Overall Score: 7.5/10 (Strong Accept)
Strengths
MaskGIT's parallel decoding approach is a groundbreaking improvement over traditional sequential methods, significantly accelerating the image generation process.
The paper presents a thorough analysis of the output quality and diversity, substantiated by metrics like FID and IS.
The paper explores the limitations of the proposed model, especially in complex or edge-case scenarios, which is crucial for a balanced understanding.
Weaknesses
The paper does not discusses the model's potential for negative societal impacts and it could provide more details on how these impacts could be mitigated.
The discussion on the scalability of the model and its ability to generalize across various datasets is not adequately covered.
Peer-Review - Deepak
Overall Score: 8/10 (Strong Accept)
Strengths
The paper introduces a novel approach to image synthesis, particularly in its use of bidirectional transformers for MVTM and its efficient parallel decoding technique.

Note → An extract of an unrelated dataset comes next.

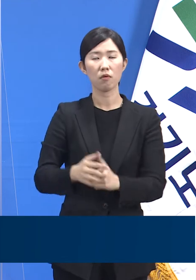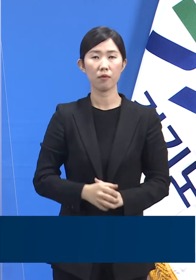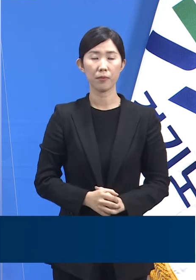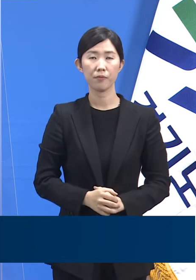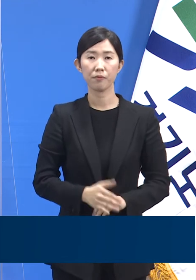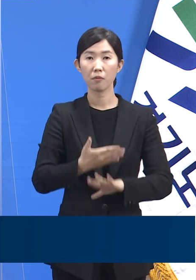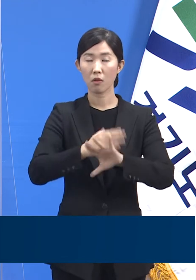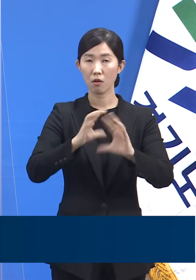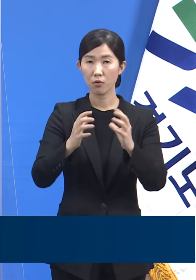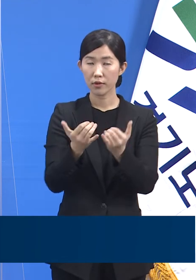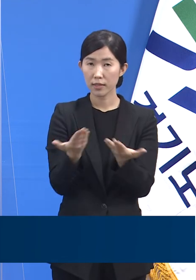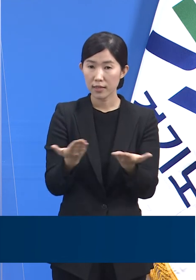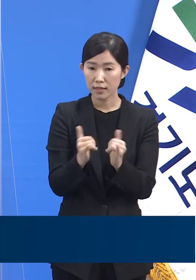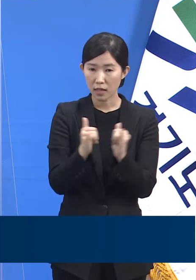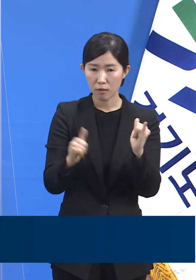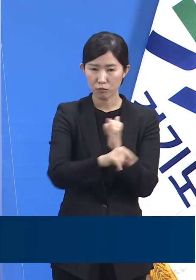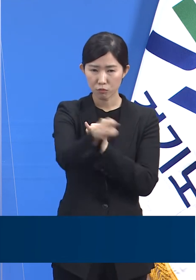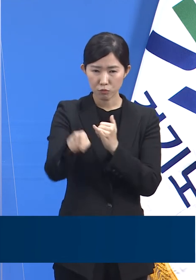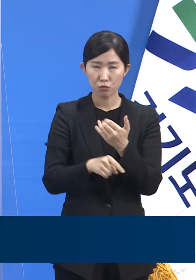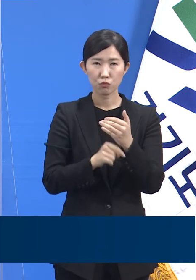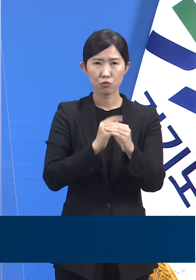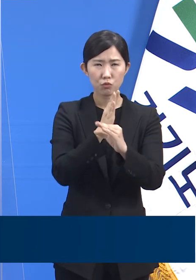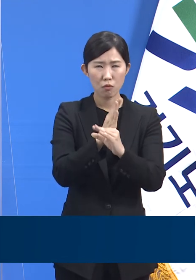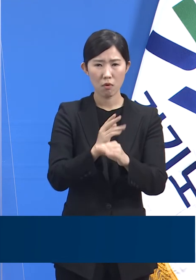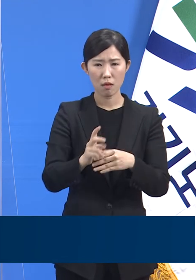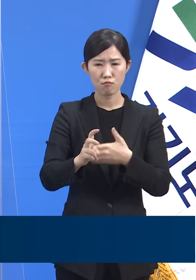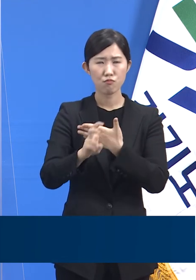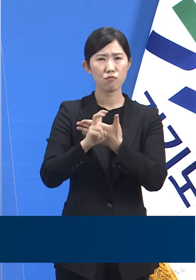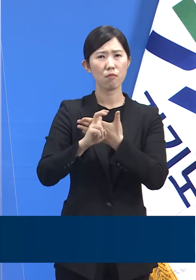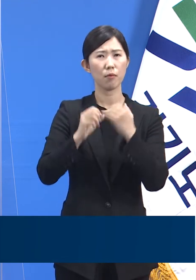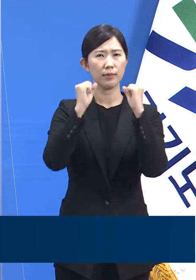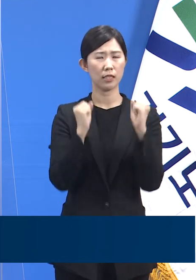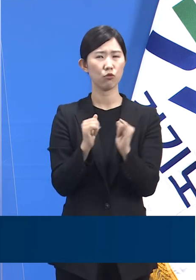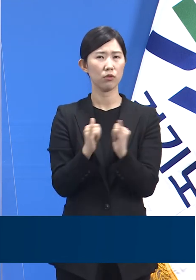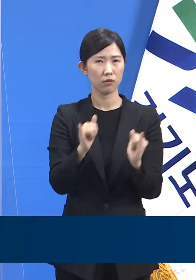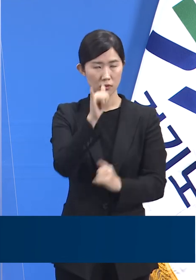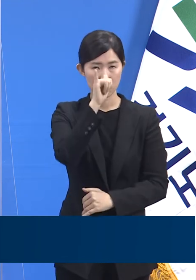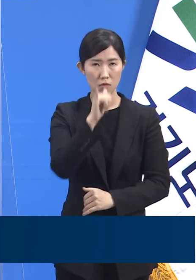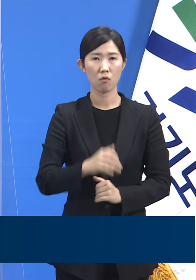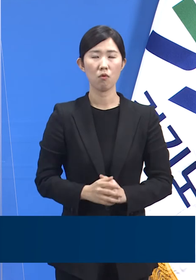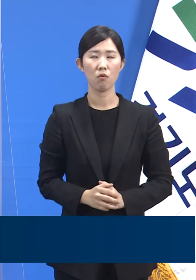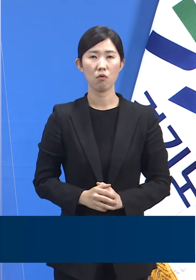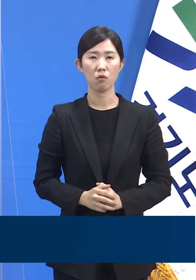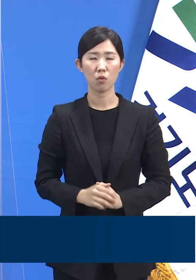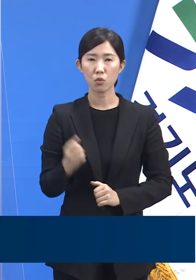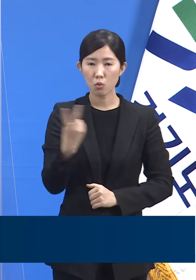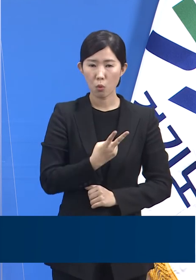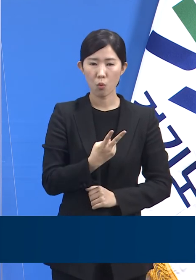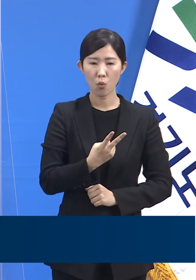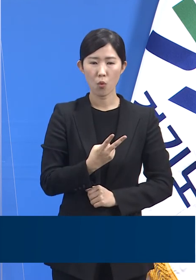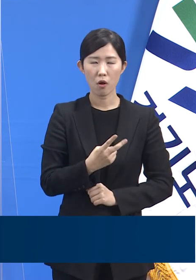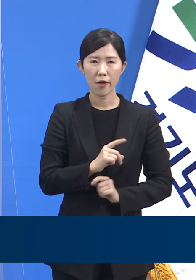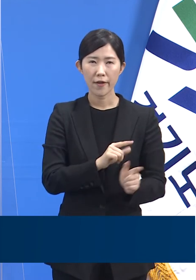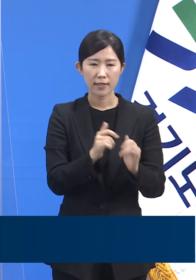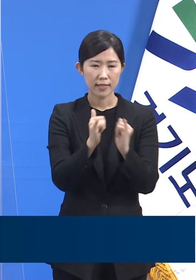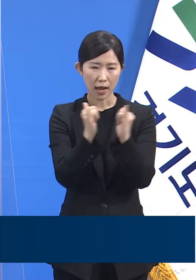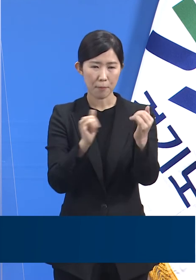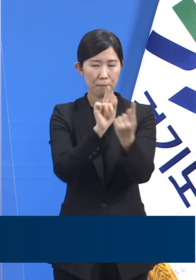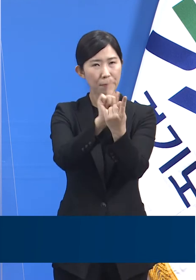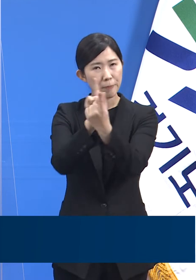노동자들 중에는 미등록 상태인 경우도 적지 않고 다양한 커뮤니티 활동이

Technically sound with well-supported claims. The experiments demonstrate MaskGIT's superiority over existing models in terms of image quality and synthesis speed.
The paper is clearly written and well-organized, particularly in explaining complex concepts like MVTM and iterative decoding.
Demonstrated proficiency in a range of tasks (class-conditional synthesis, image manipulation, and extrapolation) indicates the model's versatility and wide applicability.
Weaknesses
There's a need for a more comprehensive exploration of the model's limitations and potential areas for improvement.
The impact of MaskGIT in practical applications beyond the scope of the experiments could be more deeply explored to underline its significance.